Academic journal article Journal of Real Estate Portfolio Management

Ex-Ante and Ex-Post Performance of Optimal REIT Portfolios

Article excerpt

Executive Summary. This study examines the out-of-- sample performance of equity real estate investment trust portfolios based on the NAREIT sector indices. The article examines the use of alternative techniques to reduce estimation error and this improves out-of-sample performance. The findings reveal that unlike previous studies of the capital markets, the tangency portfolios tend to out-perform out-of-sample, despite the instability in the weights and the presence of corner solutions. The minimum-variance portfolio continues to under-perform despite the reduction in estimation error.

Introduction

The majority of conventional portfolio/asset allocation studies tend not to robustly address the issue of estimation error or the out-of-sample performance of optimally estimated portfolios. The majority of empirical studies have found that optimal portfolios tend to perform badly out-ofsample, and much of this underperformance can be attributed to estimation error and problems in the estimation of the portfolio allocations. Portfolio optimizers are extremely sensitive to the inputted parameters and further more if not constrained have a tendency to arrive at corner solutions. The fact that optimal portfolios are therefore often not diversified and contain large allocations in a small number of assets goes against the principles of diversification and can lead to poor ex-post performance. These problems are further exacerbated when the portfolios are examined on a rolling basis due to instability in the portfolio weights due to the optimizer's sensitivity to the inputs.
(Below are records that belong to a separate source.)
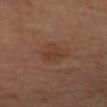biopsy_status: not biopsied; imaged during a skin examination
lesion_size:
  long_diameter_mm_approx: 3.0
image:
  source: total-body photography crop
  field_of_view_mm: 15
patient:
  sex: female
  age_approx: 65
lighting: cross-polarized
automated_metrics:
  area_mm2_approx: 6.0
  eccentricity: 0.5
  shape_asymmetry: 0.25
  cielab_L: 37
  cielab_a: 20
  cielab_b: 27
  vs_skin_darker_L: 5.0
  vs_skin_contrast_norm: 5.0
  border_irregularity_0_10: 2.5
  color_variation_0_10: 2.0
  peripheral_color_asymmetry: 1.0
site: left forearm
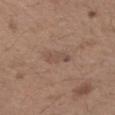The lesion is on the left forearm. About 3 mm across. A male patient aged approximately 70. The tile uses white-light illumination. A roughly 15 mm field-of-view crop from a total-body skin photograph. Automated tile analysis of the lesion measured a classifier nevus-likeness of about 0/100 and a detector confidence of about 100 out of 100 that the crop contains a lesion.
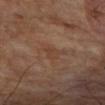Impression: This lesion was catalogued during total-body skin photography and was not selected for biopsy. Acquisition and patient details: A male subject aged 68–72. From the arm. A roughly 15 mm field-of-view crop from a total-body skin photograph.
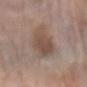Cropped from a total-body skin-imaging series; the visible field is about 15 mm.
An algorithmic analysis of the crop reported a lesion area of about 15 mm², a shape eccentricity near 0.75, and a shape-asymmetry score of about 0.2 (0 = symmetric). The software also gave an average lesion color of about L≈49 a*≈16 b*≈24 (CIELAB), a lesion–skin lightness drop of about 9, and a lesion-to-skin contrast of about 7 (normalized; higher = more distinct). And it measured a nevus-likeness score of about 40/100.
A female subject aged 68 to 72.
From the left forearm.
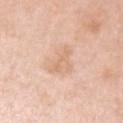Q: Where on the body is the lesion?
A: the left upper arm
Q: Illumination type?
A: white-light illumination
Q: Who is the patient?
A: female, aged approximately 40
Q: Automated lesion metrics?
A: an area of roughly 8.5 mm² and a symmetry-axis asymmetry near 0.4; a mean CIELAB color near L≈71 a*≈19 b*≈32, a lesion–skin lightness drop of about 7, and a lesion-to-skin contrast of about 5 (normalized; higher = more distinct); a border-irregularity index near 4.5/10 and a color-variation rating of about 2.5/10; an automated nevus-likeness rating near 0 out of 100 and a lesion-detection confidence of about 100/100
Q: How was this image acquired?
A: 15 mm crop, total-body photography
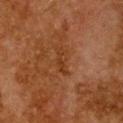Part of a total-body skin-imaging series; this lesion was reviewed on a skin check and was not flagged for biopsy.
A roughly 15 mm field-of-view crop from a total-body skin photograph.
Imaged with cross-polarized lighting.
A female subject aged 48–52.
On the chest.
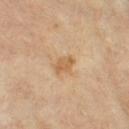Clinical impression: Part of a total-body skin-imaging series; this lesion was reviewed on a skin check and was not flagged for biopsy. Image and clinical context: Imaged with cross-polarized lighting. A 15 mm close-up extracted from a 3D total-body photography capture. The lesion's longest dimension is about 2.5 mm. The subject is a female roughly 75 years of age. The lesion is located on the left thigh.
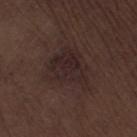Q: Was a biopsy performed?
A: no biopsy performed (imaged during a skin exam)
Q: How was the tile lit?
A: white-light
Q: How large is the lesion?
A: ≈5.5 mm
Q: How was this image acquired?
A: 15 mm crop, total-body photography
Q: Where on the body is the lesion?
A: the right thigh
Q: Patient demographics?
A: male, aged 68–72
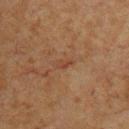{"biopsy_status": "not biopsied; imaged during a skin examination", "lesion_size": {"long_diameter_mm_approx": 2.5}, "image": {"source": "total-body photography crop", "field_of_view_mm": 15}, "site": "chest", "patient": {"sex": "male", "age_approx": 65}, "lighting": "cross-polarized"}
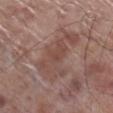biopsy status — catalogued during a skin exam; not biopsied | location — the right lower leg | patient — male, aged around 70 | lesion diameter — about 7 mm | acquisition — ~15 mm crop, total-body skin-cancer survey | automated metrics — a border-irregularity index near 6/10, a within-lesion color-variation index near 4/10, and radial color variation of about 1.
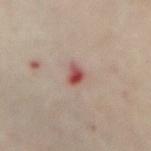Clinical impression:
Imaged during a routine full-body skin examination; the lesion was not biopsied and no histopathology is available.
Clinical summary:
Imaged with cross-polarized lighting. A female patient, aged around 60. The lesion's longest dimension is about 2.5 mm. On the abdomen. Cropped from a whole-body photographic skin survey; the tile spans about 15 mm.
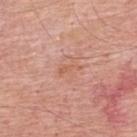Q: Was this lesion biopsied?
A: total-body-photography surveillance lesion; no biopsy
Q: What did automated image analysis measure?
A: an area of roughly 2 mm², an eccentricity of roughly 0.95, and a symmetry-axis asymmetry near 0.4; an average lesion color of about L≈60 a*≈24 b*≈32 (CIELAB), roughly 6 lightness units darker than nearby skin, and a normalized border contrast of about 5.5; a classifier nevus-likeness of about 0/100
Q: How was the tile lit?
A: white-light illumination
Q: Lesion size?
A: ≈3 mm
Q: What is the imaging modality?
A: 15 mm crop, total-body photography
Q: Lesion location?
A: the upper back
Q: Who is the patient?
A: male, aged approximately 60
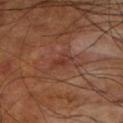This lesion was catalogued during total-body skin photography and was not selected for biopsy.
A male subject, aged 58 to 62.
From the left lower leg.
Cropped from a whole-body photographic skin survey; the tile spans about 15 mm.
The recorded lesion diameter is about 2.5 mm.
Automated tile analysis of the lesion measured an eccentricity of roughly 0.85 and a shape-asymmetry score of about 0.35 (0 = symmetric). The analysis additionally found a lesion color around L≈35 a*≈23 b*≈27 in CIELAB, a lesion–skin lightness drop of about 6, and a normalized lesion–skin contrast near 6. And it measured a border-irregularity rating of about 4/10.
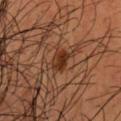Assessment: The lesion was tiled from a total-body skin photograph and was not biopsied. Image and clinical context: The subject is a male in their mid- to late 30s. Imaged with cross-polarized lighting. A region of skin cropped from a whole-body photographic capture, roughly 15 mm wide. On the head or neck. An algorithmic analysis of the crop reported an eccentricity of roughly 0.65 and a shape-asymmetry score of about 0.25 (0 = symmetric). And it measured a border-irregularity index near 2.5/10 and radial color variation of about 1.5.
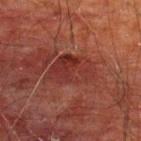| feature | finding |
|---|---|
| biopsy status | no biopsy performed (imaged during a skin exam) |
| illumination | cross-polarized illumination |
| patient | male, aged 58–62 |
| imaging modality | 15 mm crop, total-body photography |
| diameter | ≈5.5 mm |
| location | the upper back |
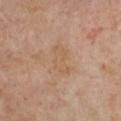Case summary:
- workup: no biopsy performed (imaged during a skin exam)
- tile lighting: cross-polarized illumination
- lesion size: ≈4 mm
- body site: the chest
- subject: female, roughly 60 years of age
- acquisition: ~15 mm crop, total-body skin-cancer survey
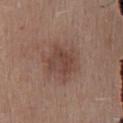notes: imaged on a skin check; not biopsied
anatomic site: the lower back
lesion size: ~3.5 mm (longest diameter)
illumination: white-light illumination
subject: female, aged 38 to 42
imaging modality: 15 mm crop, total-body photography
automated metrics: a mean CIELAB color near L≈43 a*≈19 b*≈24, a lesion–skin lightness drop of about 8, and a lesion-to-skin contrast of about 6.5 (normalized; higher = more distinct)
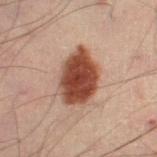Findings:
* follow-up — imaged on a skin check; not biopsied
* patient — male, aged 48–52
* image-analysis metrics — a lesion area of about 18 mm², an outline eccentricity of about 0.75 (0 = round, 1 = elongated), and a shape-asymmetry score of about 0.15 (0 = symmetric); a color-variation rating of about 4/10 and radial color variation of about 1
* lighting — cross-polarized illumination
* diameter — about 6 mm
* body site — the right lower leg
* acquisition — ~15 mm tile from a whole-body skin photo
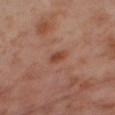follow-up: total-body-photography surveillance lesion; no biopsy
acquisition: 15 mm crop, total-body photography
patient: female, approximately 55 years of age
site: the right thigh
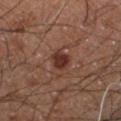Assessment:
Imaged during a routine full-body skin examination; the lesion was not biopsied and no histopathology is available.
Image and clinical context:
The recorded lesion diameter is about 3 mm. The patient is a male aged 58–62. Automated tile analysis of the lesion measured a lesion area of about 5 mm², a shape eccentricity near 0.7, and two-axis asymmetry of about 0.25. It also reported a lesion color around L≈29 a*≈20 b*≈23 in CIELAB, a lesion–skin lightness drop of about 10, and a normalized lesion–skin contrast near 9.5. It also reported internal color variation of about 2.5 on a 0–10 scale and radial color variation of about 1. Captured under cross-polarized illumination. The lesion is located on the right thigh. Cropped from a whole-body photographic skin survey; the tile spans about 15 mm.
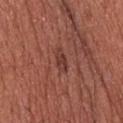Context: The lesion is on the head or neck. A male patient, in their mid-50s. A 15 mm close-up extracted from a 3D total-body photography capture. The total-body-photography lesion software estimated border irregularity of about 3 on a 0–10 scale, a color-variation rating of about 1.5/10, and peripheral color asymmetry of about 0.5. The analysis additionally found a nevus-likeness score of about 15/100 and a lesion-detection confidence of about 100/100. Imaged with white-light lighting. About 3 mm across.
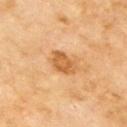Q: Is there a histopathology result?
A: no biopsy performed (imaged during a skin exam)
Q: Patient demographics?
A: male, aged around 70
Q: What kind of image is this?
A: total-body-photography crop, ~15 mm field of view
Q: Lesion location?
A: the right upper arm
Q: Illumination type?
A: cross-polarized
Q: What did automated image analysis measure?
A: a lesion color around L≈59 a*≈24 b*≈44 in CIELAB, a lesion–skin lightness drop of about 11, and a lesion-to-skin contrast of about 8 (normalized; higher = more distinct); a border-irregularity index near 2.5/10 and peripheral color asymmetry of about 0.5; a classifier nevus-likeness of about 55/100 and a detector confidence of about 100 out of 100 that the crop contains a lesion
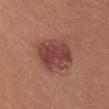Impression:
The lesion was tiled from a total-body skin photograph and was not biopsied.
Background:
A 15 mm close-up tile from a total-body photography series done for melanoma screening. Automated image analysis of the tile measured an average lesion color of about L≈43 a*≈25 b*≈25 (CIELAB), roughly 11 lightness units darker than nearby skin, and a normalized border contrast of about 8.5. It also reported a border-irregularity index near 2.5/10 and peripheral color asymmetry of about 1.5. The analysis additionally found lesion-presence confidence of about 100/100. The tile uses white-light illumination. The lesion is located on the upper back. A female patient aged 33 to 37. Measured at roughly 5 mm in maximum diameter.
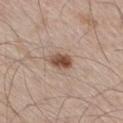{
  "site": "right thigh",
  "lighting": "white-light",
  "image": {
    "source": "total-body photography crop",
    "field_of_view_mm": 15
  },
  "lesion_size": {
    "long_diameter_mm_approx": 3.0
  },
  "automated_metrics": {
    "cielab_L": 50,
    "cielab_a": 19,
    "cielab_b": 27,
    "vs_skin_darker_L": 15.0,
    "vs_skin_contrast_norm": 10.5
  },
  "patient": {
    "sex": "male",
    "age_approx": 60
  }
}
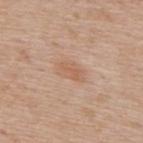Q: Was this lesion biopsied?
A: catalogued during a skin exam; not biopsied
Q: Patient demographics?
A: male, roughly 60 years of age
Q: How was this image acquired?
A: total-body-photography crop, ~15 mm field of view
Q: What is the lesion's diameter?
A: ≈3.5 mm
Q: Lesion location?
A: the upper back
Q: Automated lesion metrics?
A: a lesion–skin lightness drop of about 7 and a normalized border contrast of about 5
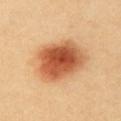Impression: No biopsy was performed on this lesion — it was imaged during a full skin examination and was not determined to be concerning. Context: Automated tile analysis of the lesion measured a lesion area of about 24 mm² and a symmetry-axis asymmetry near 0.15. A close-up tile cropped from a whole-body skin photograph, about 15 mm across. Longest diameter approximately 6 mm. On the chest. The subject is a female in their mid- to late 20s.
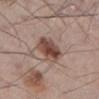Assessment:
Recorded during total-body skin imaging; not selected for excision or biopsy.
Background:
Cropped from a whole-body photographic skin survey; the tile spans about 15 mm. The subject is a male aged 58–62. From the left lower leg.
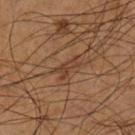Clinical impression: Imaged during a routine full-body skin examination; the lesion was not biopsied and no histopathology is available. Clinical summary: A 15 mm close-up tile from a total-body photography series done for melanoma screening. A male patient aged approximately 55. The lesion is on the left lower leg.
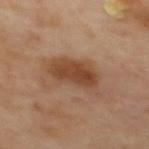<lesion>
  <biopsy_status>not biopsied; imaged during a skin examination</biopsy_status>
  <automated_metrics>
    <area_mm2_approx>15.0</area_mm2_approx>
    <shape_asymmetry>0.3</shape_asymmetry>
    <border_irregularity_0_10>3.5</border_irregularity_0_10>
    <color_variation_0_10>3.5</color_variation_0_10>
    <peripheral_color_asymmetry>1.5</peripheral_color_asymmetry>
    <nevus_likeness_0_100>90</nevus_likeness_0_100>
    <lesion_detection_confidence_0_100>100</lesion_detection_confidence_0_100>
  </automated_metrics>
  <site>mid back</site>
  <image>
    <source>total-body photography crop</source>
    <field_of_view_mm>15</field_of_view_mm>
  </image>
</lesion>
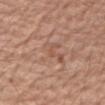- subject — male, approximately 70 years of age
- image source — ~15 mm crop, total-body skin-cancer survey
- body site — the right forearm
- lighting — white-light illumination
- image-analysis metrics — an average lesion color of about L≈53 a*≈22 b*≈30 (CIELAB), roughly 5 lightness units darker than nearby skin, and a normalized border contrast of about 4; border irregularity of about 3 on a 0–10 scale, a color-variation rating of about 0/10, and radial color variation of about 0; a nevus-likeness score of about 0/100 and a lesion-detection confidence of about 100/100
- size — ≈1 mm
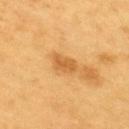Assessment: This lesion was catalogued during total-body skin photography and was not selected for biopsy. Clinical summary: From the upper back. A 15 mm close-up tile from a total-body photography series done for melanoma screening. The subject is a male aged 58 to 62.
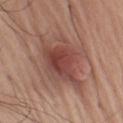  biopsy_status: not biopsied; imaged during a skin examination
  site: left upper arm
  patient:
    sex: male
    age_approx: 70
  image:
    source: total-body photography crop
    field_of_view_mm: 15
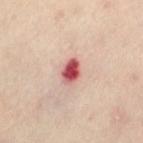No biopsy was performed on this lesion — it was imaged during a full skin examination and was not determined to be concerning.
Cropped from a total-body skin-imaging series; the visible field is about 15 mm.
A female patient, about 55 years old.
Measured at roughly 3 mm in maximum diameter.
The tile uses cross-polarized illumination.
From the leg.
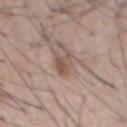workup = imaged on a skin check; not biopsied | tile lighting = white-light | subject = male, aged approximately 60 | image = ~15 mm crop, total-body skin-cancer survey | location = the chest.
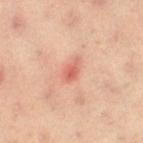Case summary:
• workup: no biopsy performed (imaged during a skin exam)
• imaging modality: 15 mm crop, total-body photography
• illumination: cross-polarized
• site: the right thigh
• patient: female, aged 38–42
• lesion size: about 3 mm
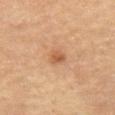Imaged during a routine full-body skin examination; the lesion was not biopsied and no histopathology is available. The subject is a female in their mid- to late 60s. Located on the left thigh. Captured under cross-polarized illumination. A region of skin cropped from a whole-body photographic capture, roughly 15 mm wide. Approximately 2 mm at its widest.
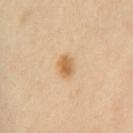Captured during whole-body skin photography for melanoma surveillance; the lesion was not biopsied. Measured at roughly 2.5 mm in maximum diameter. A female subject roughly 55 years of age. This image is a 15 mm lesion crop taken from a total-body photograph. Automated tile analysis of the lesion measured a border-irregularity index near 1.5/10, a within-lesion color-variation index near 4/10, and a peripheral color-asymmetry measure near 1.5. It also reported a nevus-likeness score of about 95/100 and a detector confidence of about 100 out of 100 that the crop contains a lesion. From the front of the torso.
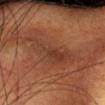| feature | finding |
|---|---|
| acquisition | total-body-photography crop, ~15 mm field of view |
| anatomic site | the head or neck |
| subject | male, aged around 55 |
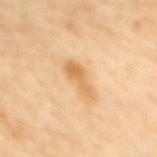Findings:
• follow-up — catalogued during a skin exam; not biopsied
• diameter — ≈4 mm
• imaging modality — 15 mm crop, total-body photography
• patient — female, aged approximately 45
• illumination — cross-polarized illumination
• location — the upper back
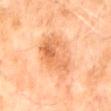Impression:
This lesion was catalogued during total-body skin photography and was not selected for biopsy.
Acquisition and patient details:
A roughly 15 mm field-of-view crop from a total-body skin photograph. A male subject, aged 58–62. Measured at roughly 7 mm in maximum diameter. On the abdomen. Captured under cross-polarized illumination.
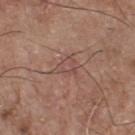Q: Was this lesion biopsied?
A: no biopsy performed (imaged during a skin exam)
Q: Lesion location?
A: the chest
Q: Lesion size?
A: ≈3 mm
Q: What lighting was used for the tile?
A: white-light illumination
Q: What are the patient's age and sex?
A: male, in their mid-70s
Q: How was this image acquired?
A: 15 mm crop, total-body photography
Q: Automated lesion metrics?
A: a lesion color around L≈49 a*≈20 b*≈23 in CIELAB, a lesion–skin lightness drop of about 6, and a lesion-to-skin contrast of about 4.5 (normalized; higher = more distinct); border irregularity of about 4 on a 0–10 scale, internal color variation of about 2.5 on a 0–10 scale, and a peripheral color-asymmetry measure near 1; an automated nevus-likeness rating near 0 out of 100 and a lesion-detection confidence of about 75/100
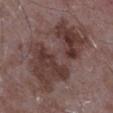<record>
<biopsy_status>not biopsied; imaged during a skin examination</biopsy_status>
<automated_metrics>
  <area_mm2_approx>41.0</area_mm2_approx>
  <shape_asymmetry>0.4</shape_asymmetry>
  <cielab_L>37</cielab_L>
  <cielab_a>18</cielab_a>
  <cielab_b>19</cielab_b>
  <vs_skin_darker_L>10.0</vs_skin_darker_L>
  <vs_skin_contrast_norm>8.5</vs_skin_contrast_norm>
  <nevus_likeness_0_100>0</nevus_likeness_0_100>
</automated_metrics>
<site>left upper arm</site>
<image>
  <source>total-body photography crop</source>
  <field_of_view_mm>15</field_of_view_mm>
</image>
<lesion_size>
  <long_diameter_mm_approx>10.5</long_diameter_mm_approx>
</lesion_size>
<patient>
  <sex>male</sex>
  <age_approx>65</age_approx>
</patient>
</record>
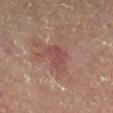Q: Is there a histopathology result?
A: imaged on a skin check; not biopsied
Q: What lighting was used for the tile?
A: cross-polarized illumination
Q: What is the lesion's diameter?
A: ~3.5 mm (longest diameter)
Q: What did automated image analysis measure?
A: a lesion area of about 7 mm², a shape eccentricity near 0.5, and a shape-asymmetry score of about 0.4 (0 = symmetric); a nevus-likeness score of about 0/100 and a detector confidence of about 100 out of 100 that the crop contains a lesion
Q: Where on the body is the lesion?
A: the right lower leg
Q: How was this image acquired?
A: total-body-photography crop, ~15 mm field of view
Q: Who is the patient?
A: aged around 55
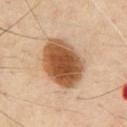| field | value |
|---|---|
| workup | imaged on a skin check; not biopsied |
| patient | male, about 70 years old |
| illumination | cross-polarized |
| lesion size | about 6 mm |
| location | the chest |
| acquisition | 15 mm crop, total-body photography |
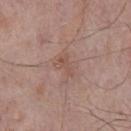Background: Located on the front of the torso. Approximately 3 mm at its widest. A male patient aged 73–77. A lesion tile, about 15 mm wide, cut from a 3D total-body photograph.
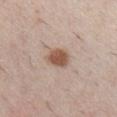  patient:
    sex: male
    age_approx: 25
  site: chest
  image:
    source: total-body photography crop
    field_of_view_mm: 15
  lesion_size:
    long_diameter_mm_approx: 3.0
  lighting: white-light
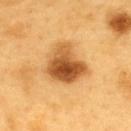workup: no biopsy performed (imaged during a skin exam)
subject: male, in their 60s
image: 15 mm crop, total-body photography
location: the upper back
lighting: cross-polarized
lesion size: ~5.5 mm (longest diameter)
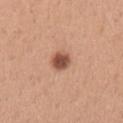Clinical impression: No biopsy was performed on this lesion — it was imaged during a full skin examination and was not determined to be concerning. Clinical summary: Imaged with white-light lighting. A 15 mm close-up extracted from a 3D total-body photography capture. A female patient aged around 30. Located on the arm.
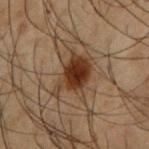{"biopsy_status": "not biopsied; imaged during a skin examination", "site": "left upper arm", "patient": {"sex": "male", "age_approx": 50}, "lighting": "cross-polarized", "lesion_size": {"long_diameter_mm_approx": 4.5}, "image": {"source": "total-body photography crop", "field_of_view_mm": 15}}
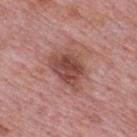biopsy status=total-body-photography surveillance lesion; no biopsy | body site=the back | patient=male, aged around 75 | lesion diameter=≈5.5 mm | tile lighting=white-light illumination | image source=15 mm crop, total-body photography.
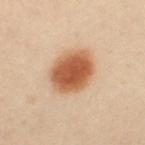The lesion was tiled from a total-body skin photograph and was not biopsied. This image is a 15 mm lesion crop taken from a total-body photograph. The patient is a female approximately 40 years of age. Approximately 5.5 mm at its widest. Captured under cross-polarized illumination. The lesion is located on the left upper arm. An algorithmic analysis of the crop reported an area of roughly 18 mm² and two-axis asymmetry of about 0.1. It also reported a classifier nevus-likeness of about 100/100 and a lesion-detection confidence of about 100/100.
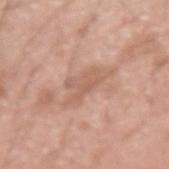Q: Was this lesion biopsied?
A: imaged on a skin check; not biopsied
Q: Who is the patient?
A: male, aged approximately 20
Q: Lesion location?
A: the arm
Q: What kind of image is this?
A: total-body-photography crop, ~15 mm field of view
Q: How large is the lesion?
A: ≈3.5 mm
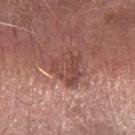Notes:
– follow-up: total-body-photography surveillance lesion; no biopsy
– imaging modality: ~15 mm crop, total-body skin-cancer survey
– site: the right forearm
– patient: male, about 65 years old
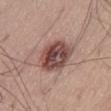Assessment:
The lesion was photographed on a routine skin check and not biopsied; there is no pathology result.
Clinical summary:
This is a white-light tile. Measured at roughly 4.5 mm in maximum diameter. A 15 mm close-up extracted from a 3D total-body photography capture. Automated image analysis of the tile measured an eccentricity of roughly 0.55 and a symmetry-axis asymmetry near 0.15. The analysis additionally found an average lesion color of about L≈46 a*≈21 b*≈22 (CIELAB), roughly 16 lightness units darker than nearby skin, and a normalized lesion–skin contrast near 11. The software also gave a border-irregularity index near 1.5/10, internal color variation of about 8.5 on a 0–10 scale, and radial color variation of about 3. The analysis additionally found a nevus-likeness score of about 40/100 and a detector confidence of about 100 out of 100 that the crop contains a lesion. The lesion is located on the abdomen. The subject is a male in their mid- to late 50s.
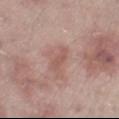  biopsy_status: not biopsied; imaged during a skin examination
  lighting: white-light
  image:
    source: total-body photography crop
    field_of_view_mm: 15
  patient:
    sex: male
    age_approx: 65
  automated_metrics:
    area_mm2_approx: 3.5
    eccentricity: 0.9
    shape_asymmetry: 0.4
    vs_skin_darker_L: 7.0
  site: right thigh
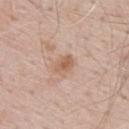Case summary:
* workup · no biopsy performed (imaged during a skin exam)
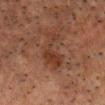Q: Was a biopsy performed?
A: no biopsy performed (imaged during a skin exam)
Q: How large is the lesion?
A: ≈5.5 mm
Q: What did automated image analysis measure?
A: an area of roughly 9.5 mm², an outline eccentricity of about 0.9 (0 = round, 1 = elongated), and two-axis asymmetry of about 0.65; an automated nevus-likeness rating near 0 out of 100 and a lesion-detection confidence of about 100/100
Q: What kind of image is this?
A: total-body-photography crop, ~15 mm field of view
Q: What lighting was used for the tile?
A: cross-polarized
Q: Lesion location?
A: the head or neck
Q: What are the patient's age and sex?
A: male, roughly 60 years of age
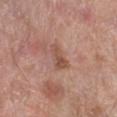<case>
  <image>
    <source>total-body photography crop</source>
    <field_of_view_mm>15</field_of_view_mm>
  </image>
  <lesion_size>
    <long_diameter_mm_approx>3.0</long_diameter_mm_approx>
  </lesion_size>
  <patient>
    <sex>male</sex>
    <age_approx>80</age_approx>
  </patient>
  <site>right lower leg</site>
</case>
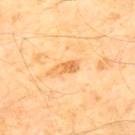The lesion was tiled from a total-body skin photograph and was not biopsied. An algorithmic analysis of the crop reported a lesion area of about 3.5 mm², an eccentricity of roughly 0.9, and a symmetry-axis asymmetry near 0.25. The software also gave a mean CIELAB color near L≈70 a*≈25 b*≈49, a lesion–skin lightness drop of about 10, and a lesion-to-skin contrast of about 7 (normalized; higher = more distinct). The software also gave a nevus-likeness score of about 0/100 and a lesion-detection confidence of about 100/100. The recorded lesion diameter is about 3 mm. This is a cross-polarized tile. The subject is a male aged 53 to 57. On the upper back. A region of skin cropped from a whole-body photographic capture, roughly 15 mm wide.

This study examines the performance of optimal real estate investment trust (REIT) portfolios outof-sample through the use of NAREIT sector indices. The use of such a dataset also allows an examination of potential trading strategies available to REIT mutual funds. Such funds have grown considerably over the last decade together with the general growth in REITs. Gallo, Lockwood and Rutherford (2000) note that in 1990 there were only two real estate-based mutual funds in the United States. In 2002, NAREIT lists sixty-three such funds. These funds invest the majority of their portfolios in REITs; therefore the predicable nature of the trusts is of interest to the funds.

The cyclical nature of real estate may induce a degree of predictability into REIT returns that can therefore be exploited by real estate mutual fund managers.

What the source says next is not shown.